BEGIN
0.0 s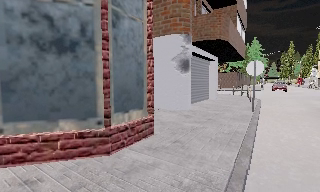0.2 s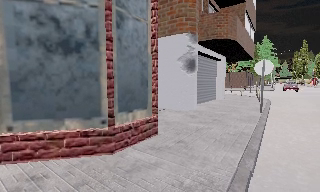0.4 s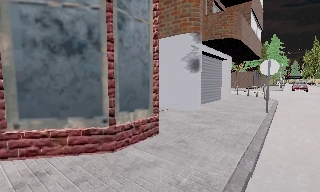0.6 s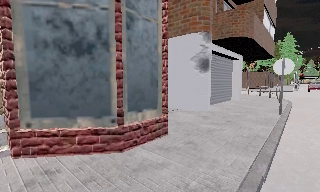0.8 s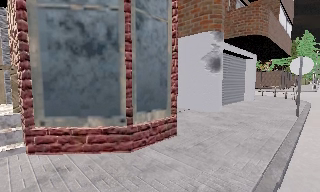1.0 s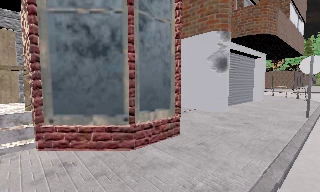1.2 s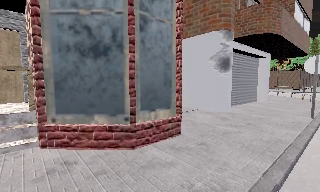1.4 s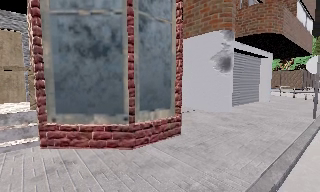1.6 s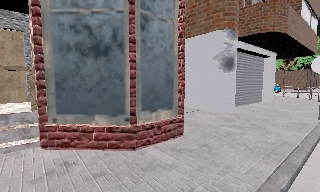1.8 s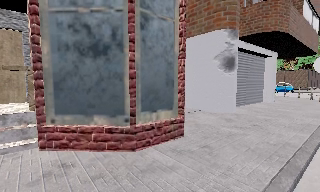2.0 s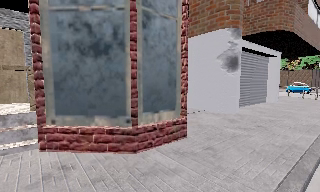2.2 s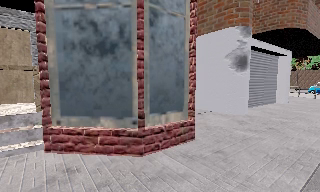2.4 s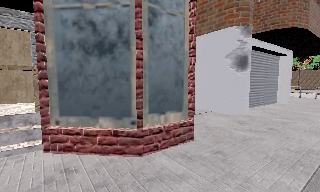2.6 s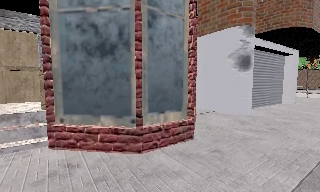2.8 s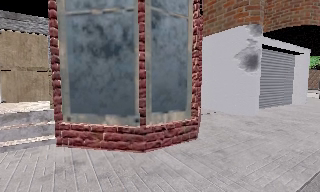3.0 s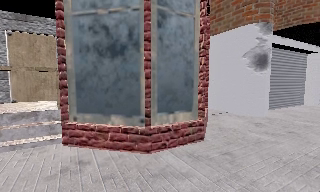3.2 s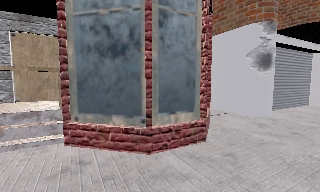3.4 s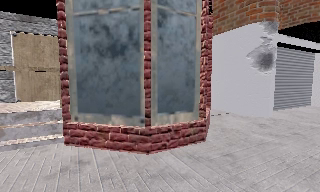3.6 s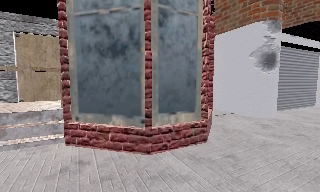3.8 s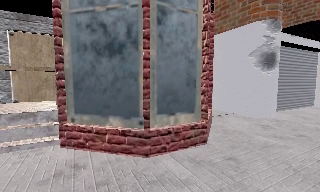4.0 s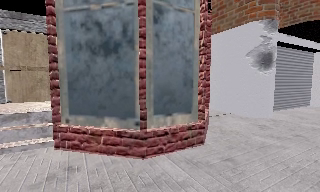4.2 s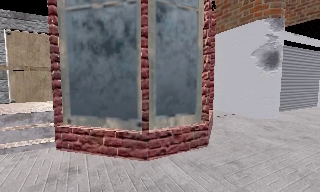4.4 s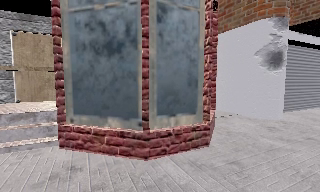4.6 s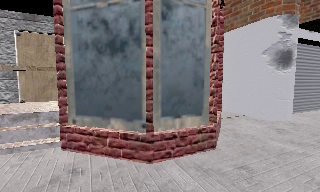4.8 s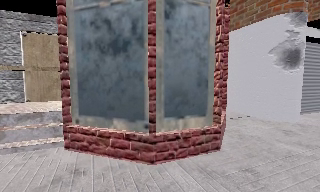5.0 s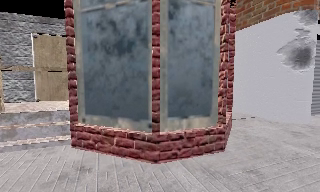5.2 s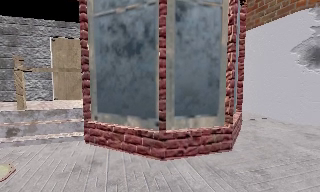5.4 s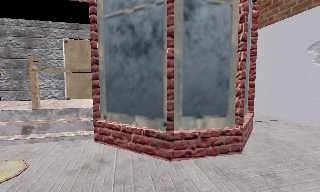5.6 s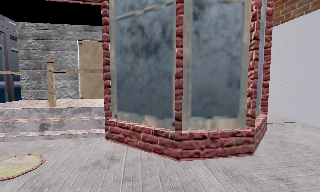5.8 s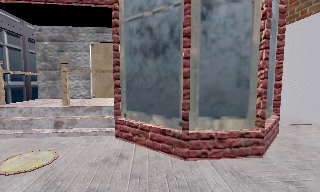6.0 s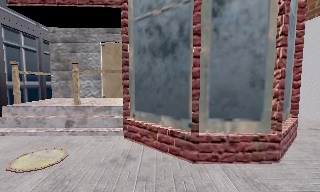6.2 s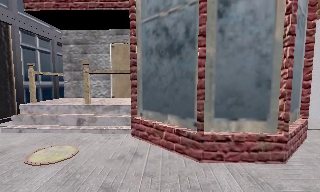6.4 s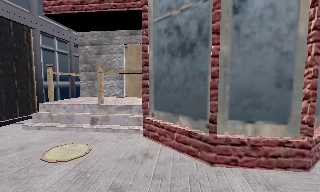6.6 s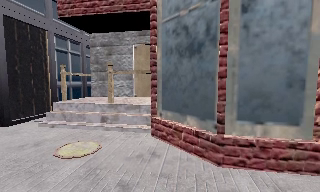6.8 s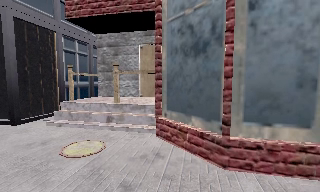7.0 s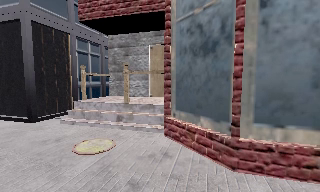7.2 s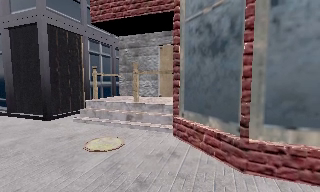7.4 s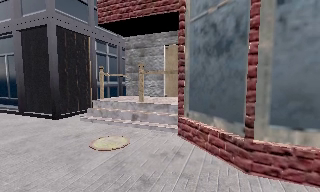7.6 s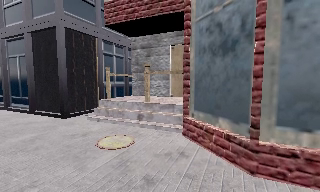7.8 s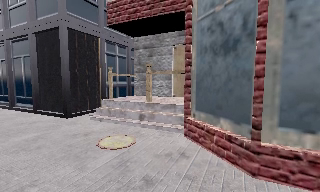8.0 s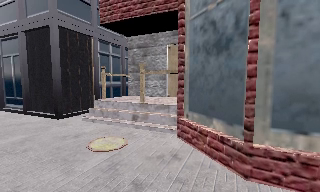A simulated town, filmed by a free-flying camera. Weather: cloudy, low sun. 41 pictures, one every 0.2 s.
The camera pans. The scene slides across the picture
to the right.
The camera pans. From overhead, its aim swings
counterclockwise.
0.0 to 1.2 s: The camera pans to its left, which is counterclockwise from overhead, by about 15 degrees.
1.2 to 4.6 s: The camera pans to its left, which is counterclockwise from overhead, by about 15 degrees. It travels forward, about 1 m, so what stands in front looms larger.
4.6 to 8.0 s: The camera pans to its left, which is counterclockwise from overhead, by about 50 degrees. It travels to its right, about 1 m.
The film runs backward here.
END
What the exercise asks: Each line from the one with "The camera pans. The" to the end of the material should be duplicated exactly, and no other line.

Response box:
The camera pans. The scene slides across the picture
to the right.
The camera pans. From overhead, its aim swings
counterclockwise.
0.0 to 1.2 s: The camera pans to its left, which is counterclockwise from overhead, by about 15 degrees.
1.2 to 4.6 s: The camera pans to its left, which is counterclockwise from overhead, by about 15 degrees. It travels forward, about 1 m, so what stands in front looms larger.
4.6 to 8.0 s: The camera pans to its left, which is counterclockwise from overhead, by about 50 degrees. It travels to its right, about 1 m.
The film runs backward here.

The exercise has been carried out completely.